### GOAL OF THE EXERCISE:
Nothing but the lines below from the one with "Q: Is the text italic (slanted)? A: No, it" through the one with "The image shows 39" should be output, each exactly as given, and no pictures.

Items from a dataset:
==========

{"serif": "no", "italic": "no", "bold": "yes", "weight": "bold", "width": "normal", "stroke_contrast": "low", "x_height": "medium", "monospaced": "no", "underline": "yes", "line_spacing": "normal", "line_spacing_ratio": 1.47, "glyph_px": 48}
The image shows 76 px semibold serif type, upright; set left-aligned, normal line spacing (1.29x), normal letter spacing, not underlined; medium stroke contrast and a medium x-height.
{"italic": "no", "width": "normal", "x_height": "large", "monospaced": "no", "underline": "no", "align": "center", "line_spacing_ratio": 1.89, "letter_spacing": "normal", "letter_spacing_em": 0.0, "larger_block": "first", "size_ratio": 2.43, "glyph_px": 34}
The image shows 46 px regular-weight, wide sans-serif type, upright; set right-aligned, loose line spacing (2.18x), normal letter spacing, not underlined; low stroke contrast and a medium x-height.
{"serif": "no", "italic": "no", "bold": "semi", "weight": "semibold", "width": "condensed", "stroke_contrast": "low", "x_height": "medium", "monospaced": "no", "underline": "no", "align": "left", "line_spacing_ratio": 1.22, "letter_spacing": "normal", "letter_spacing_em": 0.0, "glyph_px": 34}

==========

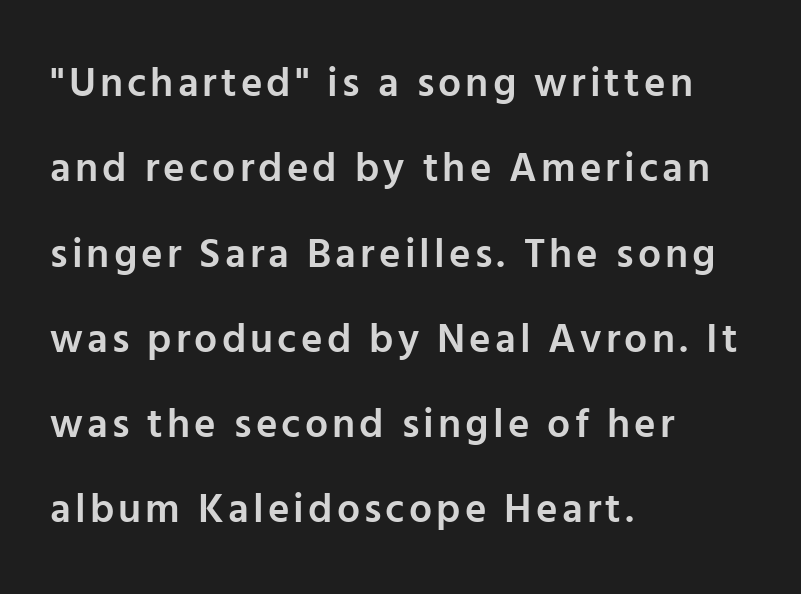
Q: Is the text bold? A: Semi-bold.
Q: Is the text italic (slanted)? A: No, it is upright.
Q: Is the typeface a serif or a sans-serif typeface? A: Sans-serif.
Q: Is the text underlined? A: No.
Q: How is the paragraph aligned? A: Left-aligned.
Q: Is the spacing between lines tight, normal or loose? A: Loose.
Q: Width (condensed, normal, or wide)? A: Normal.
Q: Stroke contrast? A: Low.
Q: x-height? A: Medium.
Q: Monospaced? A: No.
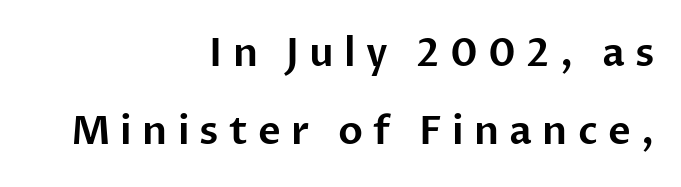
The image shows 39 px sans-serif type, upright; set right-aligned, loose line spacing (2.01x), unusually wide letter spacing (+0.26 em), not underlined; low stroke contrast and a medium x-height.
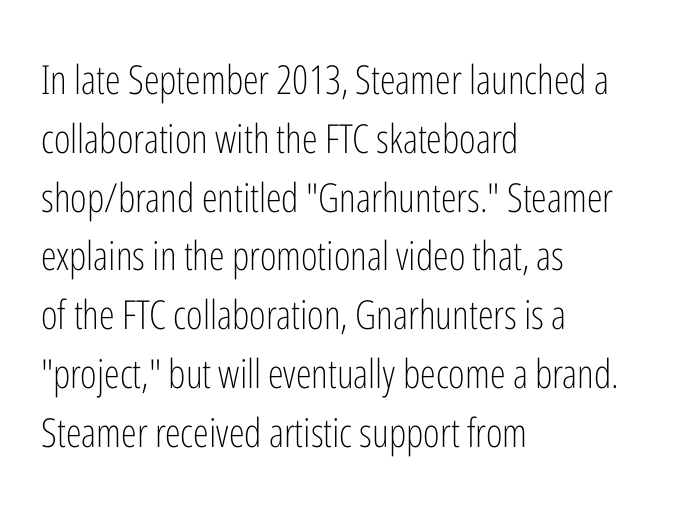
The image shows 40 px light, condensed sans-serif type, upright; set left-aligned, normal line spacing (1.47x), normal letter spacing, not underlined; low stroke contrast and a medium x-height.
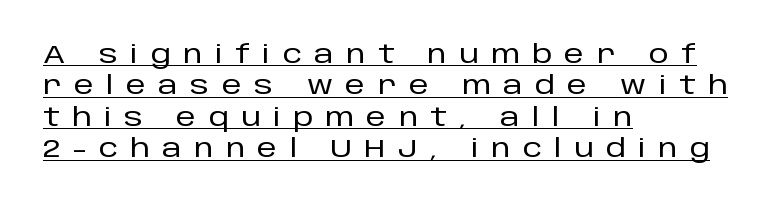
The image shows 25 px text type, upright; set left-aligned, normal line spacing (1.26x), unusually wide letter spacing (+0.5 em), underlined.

==========

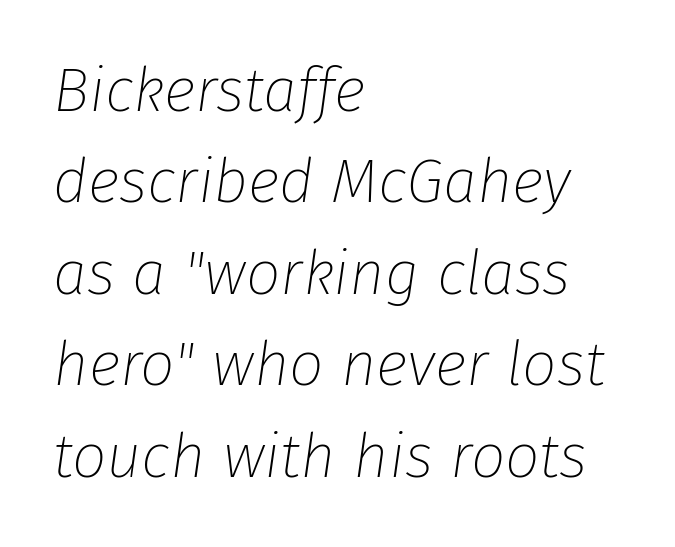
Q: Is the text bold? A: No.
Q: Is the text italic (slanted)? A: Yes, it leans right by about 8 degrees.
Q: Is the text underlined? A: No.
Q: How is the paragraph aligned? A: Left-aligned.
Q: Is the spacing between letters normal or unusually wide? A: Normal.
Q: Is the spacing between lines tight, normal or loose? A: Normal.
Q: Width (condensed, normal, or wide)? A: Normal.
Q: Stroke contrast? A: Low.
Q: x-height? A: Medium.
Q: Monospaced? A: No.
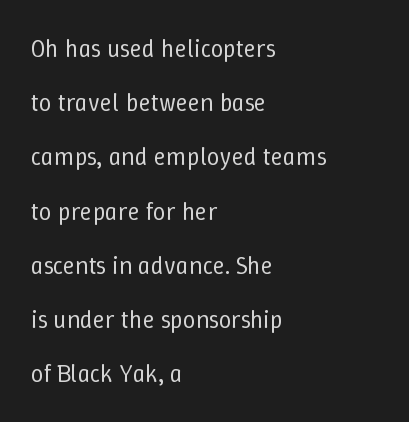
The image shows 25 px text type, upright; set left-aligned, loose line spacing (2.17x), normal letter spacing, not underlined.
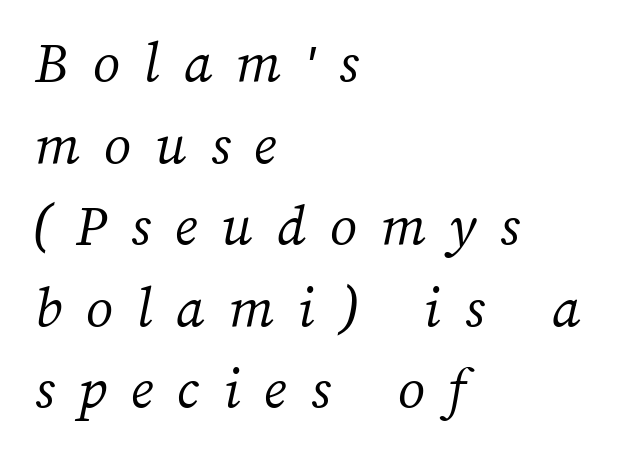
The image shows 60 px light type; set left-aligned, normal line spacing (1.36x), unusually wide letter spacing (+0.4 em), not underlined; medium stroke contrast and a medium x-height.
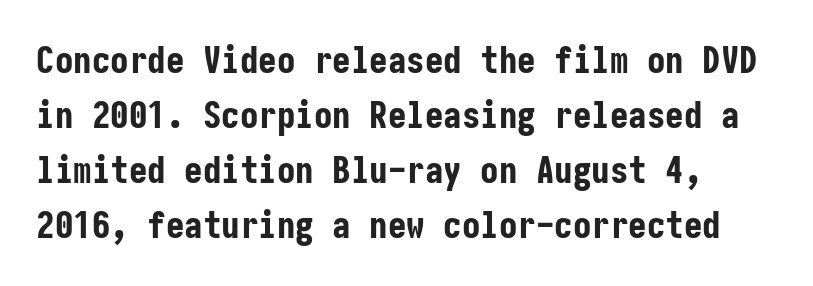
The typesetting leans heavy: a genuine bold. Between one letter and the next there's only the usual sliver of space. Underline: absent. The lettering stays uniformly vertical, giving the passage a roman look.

==========

### SOLUTION:
Q: Is the text italic (slanted)? A: No, it is upright.
Q: Is the typeface a serif or a sans-serif typeface? A: Sans-serif.
Q: Is the text underlined? A: No.
Q: How is the paragraph aligned? A: Left-aligned.
Q: Is the spacing between lines tight, normal or loose? A: Loose.
Q: Width (condensed, normal, or wide)? A: Normal.
Q: Stroke contrast? A: Low.
Q: x-height? A: Medium.
Q: Monospaced? A: No.
The image shows 39 px sans-serif type, upright; set right-aligned, loose line spacing (2.01x), unusually wide letter spacing (+0.26 em), not underlined; low stroke contrast and a medium x-height.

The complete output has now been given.